This document describes getting the source from keystone's `Git repository`_
for development purposes.

To install Keystone from packaging, refer instead to Keystone's `User
Documentation`_.

.. _`Git Repository`: http://git.openstack.org/cgit/openstack/keystone
.. _`User Documentation`: http://docs.openstack.org/

Prerequisites
=============

This document assumes you are using Ubuntu, Fedora or openSUSE (SLE)

And that you have the following tools available on your system:

- Python_ 2.7 and 3.4
- git_
- setuptools_
- pip_
- msgfmt (part of the gettext package)
- virtualenv_
- tox_

**Reminder**: If you're successfully using a different platform, or a
different version of the above, please document your configuration here!

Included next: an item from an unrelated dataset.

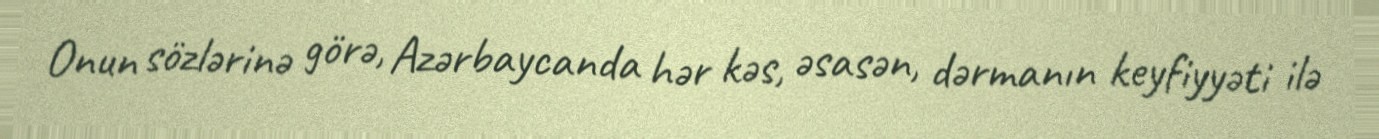
Onun sözlərinə görə, Azərbaycanda hər kəs, əsasən, dərmanın keyfiyyəti ilə
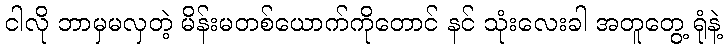
ငါလို ဘာမှမလှတဲ့ မိန်းမတစ်ယောက်ကိုတောင် နင် သုံးလေးခါ အတူတွေ့ ရုံနဲ့

.. _Python: http://www.python.org/
.. _git: http://git-scm.com/
.. _setuptools: http://pypi.python.org/pypi/setuptools
.. _tox: https://pypi.python.org/pypi/tox

Getting the latest code
=======================

Make a clone of the code from our `Git repository`:

.. code-block:: bash

    $ git clone https://git.openstack.org/openstack/keystone.git

When that is complete, you can:

.. code-block:: bash

    $ cd keystone

Installing dependencies
=======================

Keystone maintains two lists of dependencies::

    requirements.txt
    test-requirements.txt

The first is the list of dependencies needed for running keystone, the second list includes dependencies used for active development and testing of Keystone itself.

These dependencies can be installed from PyPi_ using the Python tool pip_.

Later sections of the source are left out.